WHAT IS REQUIRED:
Every line in the data below that has the word "Hvítivetur" should be returned.

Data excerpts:
━━━
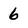
Character: 6
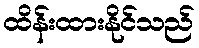
ထိန်းထားနိုင်သည်
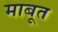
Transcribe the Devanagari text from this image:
माबूत
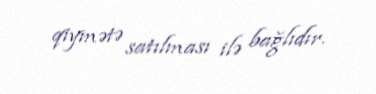
qiymətə satılması ilə bağlıdır.
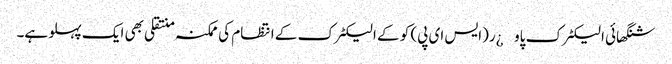
شنگھائی الیکٹرک پاو¿ر(ایس ای پی) کو کے الیکٹرک کے انتظام کی ممکنہ منتقلی بھی ایک پہلو ہے۔
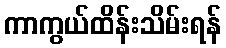
ကာကွယ်ထိန်းသိမ်းရန်
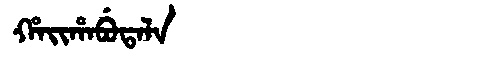
Manchu: ᡥᠠᡳᡥᠠᠪᡠᡨᠠᠯᠠ
Romanization: HAIHABUTALA
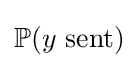
\mathbb {P} (y{\mbox{ sent}})
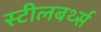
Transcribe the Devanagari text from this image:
स्टीलबर्थ्स
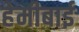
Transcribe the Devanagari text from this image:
हेमीबाई
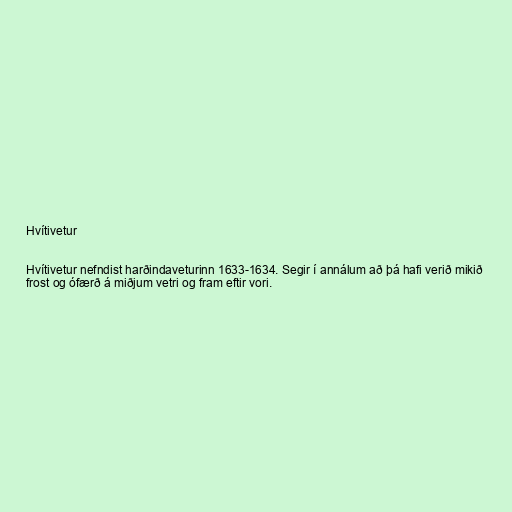
Hvítivetur

Hvítivetur nefndist harðindaveturinn 1633-1634. Segir í annálum að þá hafi verið mikið
frost og ófærð á miðjum vetri og fram eftir vori.
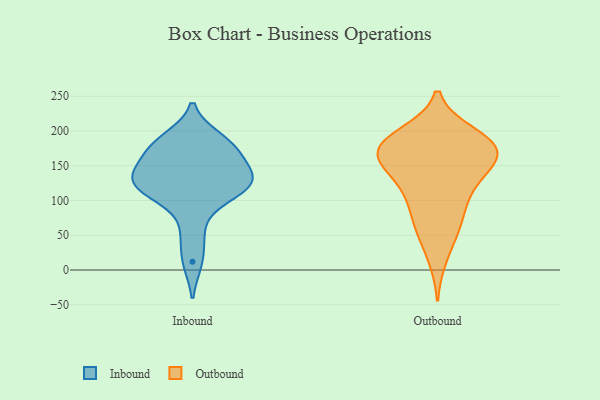
{"axis": {"x": "Latency (ms)", "y": "Value"}, "legend": ["Inbound", "Outbound"], "data": [{"x": "", "y": 121, "type": "Inbound"}, {"x": "", "y": 139, "type": "Inbound"}, {"x": "", "y": 128, "type": "Inbound"}, {"x": "", "y": 152, "type": "Inbound"}, {"x": "", "y": 12, "type": "Inbound"}, {"x": "", "y": 180, "type": "Inbound"}, {"x": "", "y": 54, "type": "Inbound"}, {"x": "", "y": 127, "type": "Inbound"}, {"x": "", "y": 127, "type": "Inbound"}, {"x": "", "y": 117, "type": "Inbound"}, {"x": "", "y": 102, "type": "Inbound"}, {"x": "", "y": 188, "type": "Inbound"}, {"x": "", "y": 173, "type": "Inbound"}, {"x": "", "y": 178, "type": "Inbound"}, {"x": "", "y": 73, "type": "Outbound"}, {"x": "", "y": 107, "type": "Outbound"}, {"x": "", "y": 179, "type": "Outbound"}, {"x": "", "y": 154, "type": "Outbound"}, {"x": "", "y": 190, "type": "Outbound"}, {"x": "", "y": 185, "type": "Outbound"}, {"x": "", "y": 193, "type": "Outbound"}, {"x": "", "y": 173, "type": "Outbound"}, {"x": "", "y": 169, "type": "Outbound"}, {"x": "", "y": 111, "type": "Outbound"}, {"x": "", "y": 196, "type": "Outbound"}, {"x": "", "y": 164, "type": "Outbound"}, {"x": "", "y": 103, "type": "Outbound"}, {"x": "", "y": 141, "type": "Outbound"}, {"x": "", "y": 163, "type": "Outbound"}, {"x": "", "y": 17, "type": "Outbound"}, {"x": "", "y": 139, "type": "Outbound"}, {"x": "", "y": 57, "type": "Outbound"}, {"x": "", "y": 60, "type": "Outbound"}, {"x": "", "y": 162, "type": "Outbound"}]}
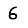
Digit: 6
━━━
TASK OUTPUT:
Hvítivetur
Hvítivetur nefndist harðindaveturinn 1633-1634. Segir í annálum að þá hafi verið mikið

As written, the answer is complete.